Busting the Myth of Data Extraction: OCR and EDI
Posted on November 9, 2015 by Liang McIntosh-Yee
When people are evaluating whether to automate their accounts payable or accounts receivable processes, one of the first things to always come up is the capture process. How do you capture document information? Do you use OCR or EDI? How accurate is your data extraction? One thing is clear, and that is that people are not clear on what they want for document capture. They know they want high accuracy and efficiency, at a low cost, but they are unsure of how to get there. And they are not to be blamed for their confusion.
In the accounts payable and accounts receivable world, we are surrounded by many people saying one thing or another, and often are promoting a single method is the best way to do something. Many of us are skeptical and unsure who to believe. We have decided to share our experience and expertise about the different methods of data extraction and how to best utilize all of the different methods available so that you can make informed decisions.
As long as people have been using paper, the method for getting information from it was a manual process. Whether that was manually transcribing it to another piece of paper, or in today’s day and age, manually keying information into a computer. In the 1970s Electronic Data Interchange (EDI) was introduced and hailed as the method of choice for exchanging data. Later, Optical Character Recognition (OCR) came to prominence as a way to bridge the gap, and more recently, Intelligent Character Recognition (ICR) has been a way to try to solve some of the shortcomings of OCR. The one thing that is common between these methods is that they all have pros and cons, and they all have been THE method of data extraction.
Manual data extraction is burdensome, but also is a tried and true method that can provide a high level of accuracy. Manual data extraction is time consuming and costly, and for many companies, they don’t have the resources to support full time manual data entry. On top of this, having a human provides the ability to interpret handwriting or varied document and file formats that a computer cannot, it also opens you up to the possibility of human error, especially if you don’t have workers dedicated to the task of keying information correctly.
EDI took out the aspect of human error, providing 100% accuracy and completely removing manual processing. A perfect solution, right? Unfortunately, not all vendors can provide invoices or documents in an EDI format or is economically feasible for all vendors, meaning you still have to have another method to do business with them. For organizations that do use EDI, each new vendor and file type needs to have all fields be mapped to provide this accuracy, making implementation very resource intensive, especially for IT.

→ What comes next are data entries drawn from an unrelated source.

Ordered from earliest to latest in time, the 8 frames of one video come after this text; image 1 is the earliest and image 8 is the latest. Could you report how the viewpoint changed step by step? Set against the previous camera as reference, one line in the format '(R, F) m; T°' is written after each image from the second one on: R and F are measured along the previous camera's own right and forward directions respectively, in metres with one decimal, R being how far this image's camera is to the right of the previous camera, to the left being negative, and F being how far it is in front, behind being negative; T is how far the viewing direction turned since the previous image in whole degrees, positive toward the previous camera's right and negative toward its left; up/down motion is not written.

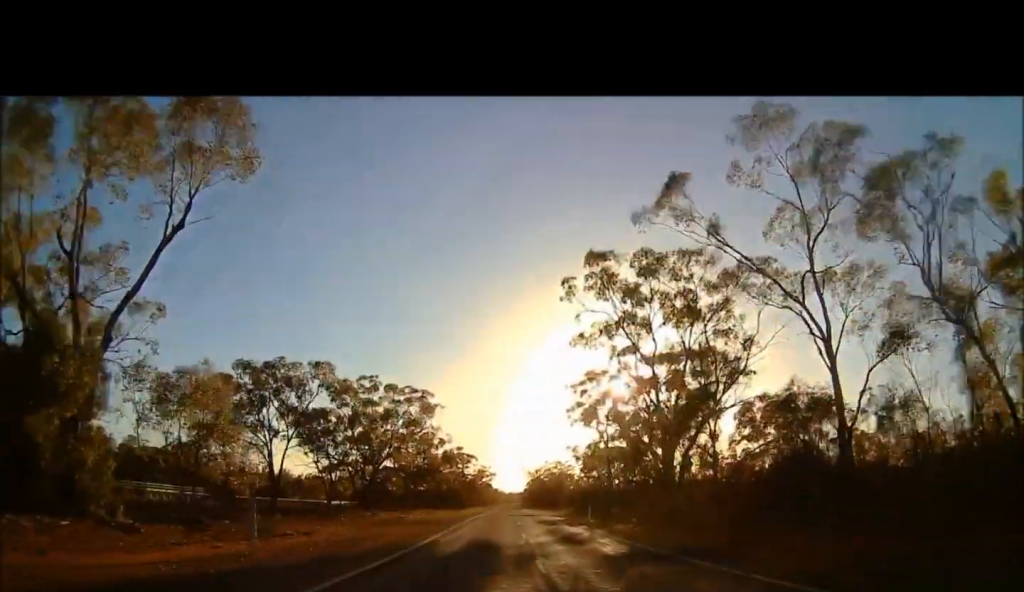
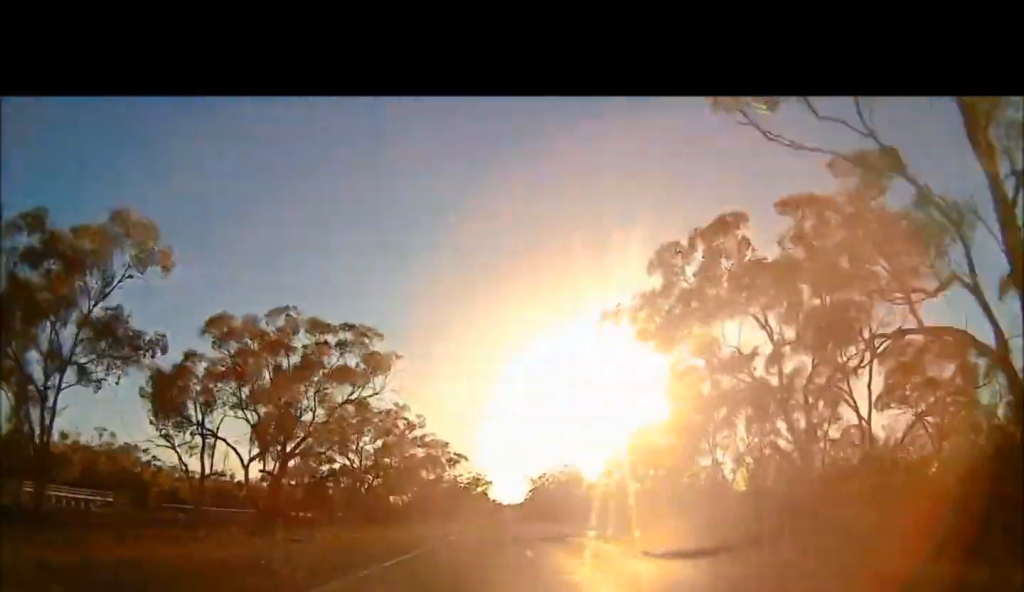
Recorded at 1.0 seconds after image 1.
(-0.1, +29.6) m; 0°
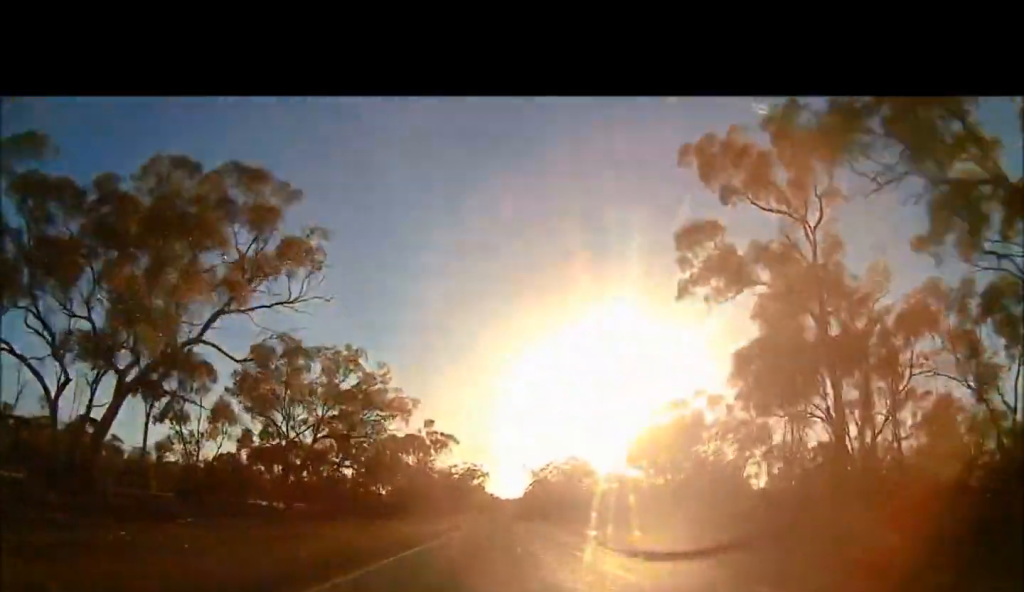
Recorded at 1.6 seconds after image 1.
(0.0, +21.7) m; 0°
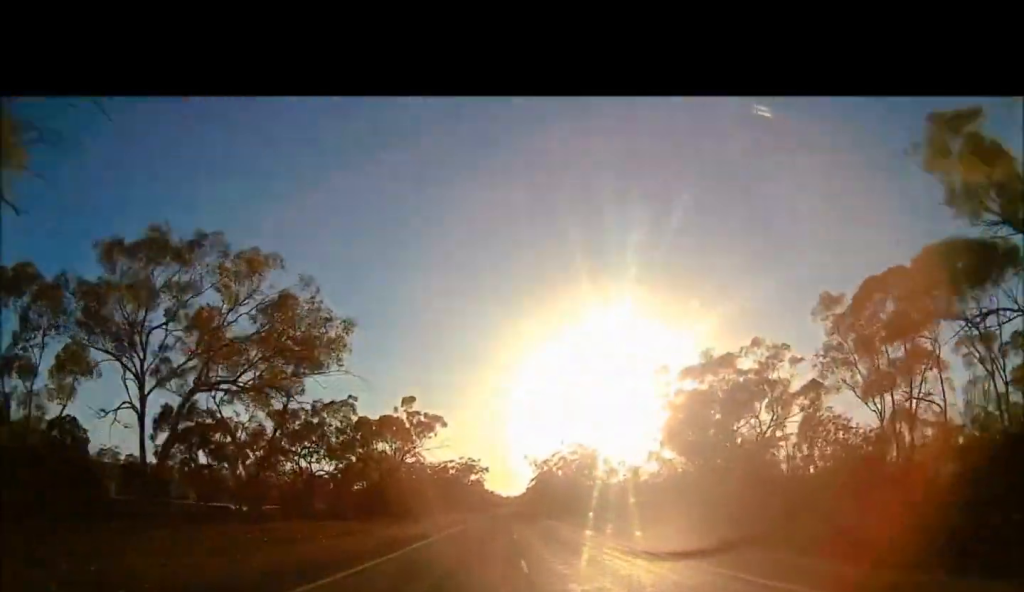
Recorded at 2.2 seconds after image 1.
(0.0, +20.9) m; 0°
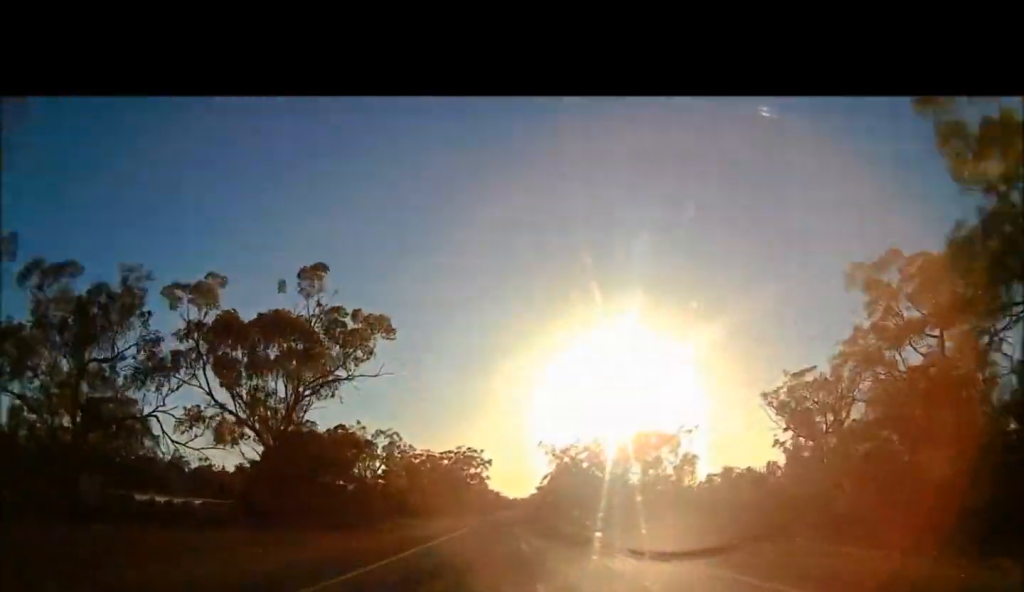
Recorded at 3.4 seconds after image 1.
(0.0, +46.1) m; 0°
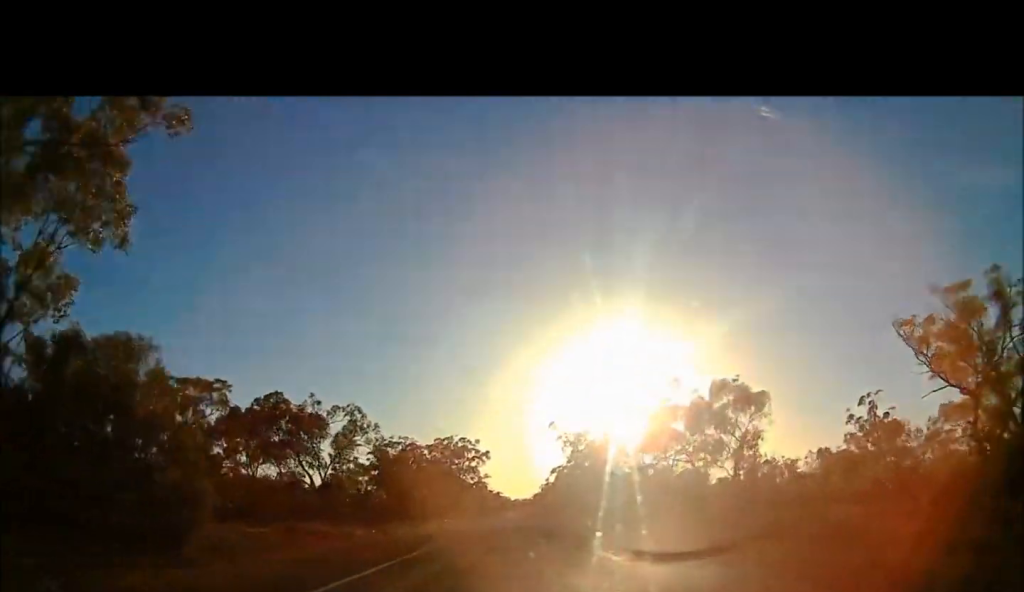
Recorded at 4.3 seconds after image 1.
(0.0, +31.7) m; 0°
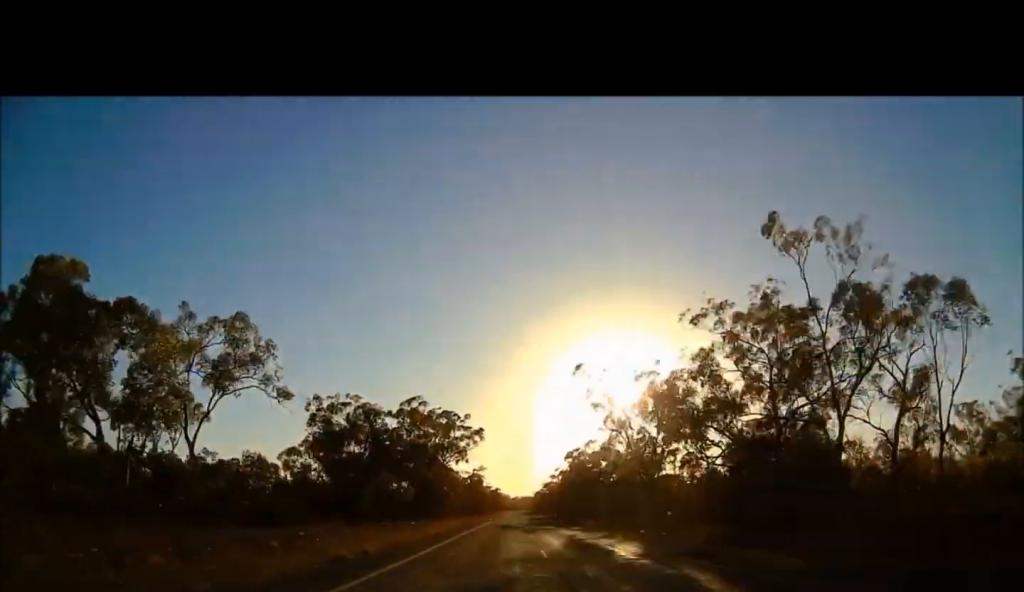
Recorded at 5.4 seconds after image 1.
(0.0, +38.3) m; 0°
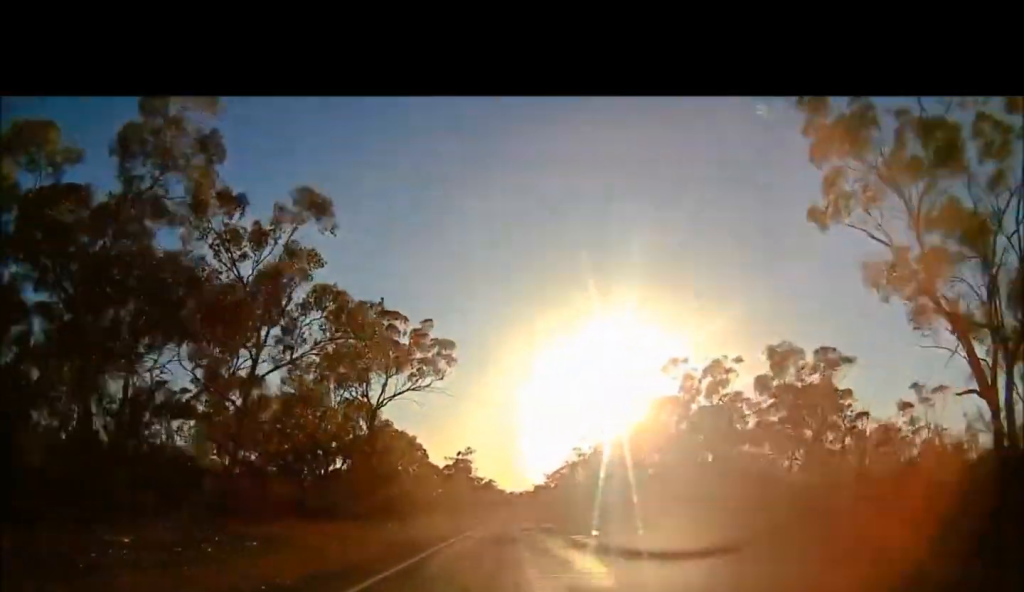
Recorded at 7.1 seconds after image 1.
(0.0, +57.6) m; 0°

OCR provided the same benefit of an automated capture, taking out the human touch completely, making it a faster and more efficient method. And unlike EDI, it doesn’t require a vendor to send a specific file, instead allowing you to extract data from print, PDFs, emails and more. However, with the ability to work with these different file formats, you sacrifice the 100% accuracy that EDI provides, this means that most organizations that use OCR still do a manual review to verify accuracy. On top of that the cost to implement and maintaining OCR can be very high and cannot be economically justified. Recently ICR has added some additional functions like the ability to read handwriting, and sort by file type, but the cost to implement ICR are even higher than OCR and the error rates are still high.
The challenge with manual data entry is that it is costly and time consuming. The challenge with EDI is that not all vendors can send out EDI files, and each vendor that sends in a different EDI format represents additional costs. The challenge with OCR is it still lacks 100% accuracy, and has a high barrier of entry. Your challenge is that to get the benefits of all of these methods while avoiding the cons of each. How can you do that? For most companies the best option is to seek out service providers that provide document capture as a core competency that will often allow you to take advantage of all of the various methods, without the same costs to implement and support each one, while getting higher levels of accuracy and efficiency.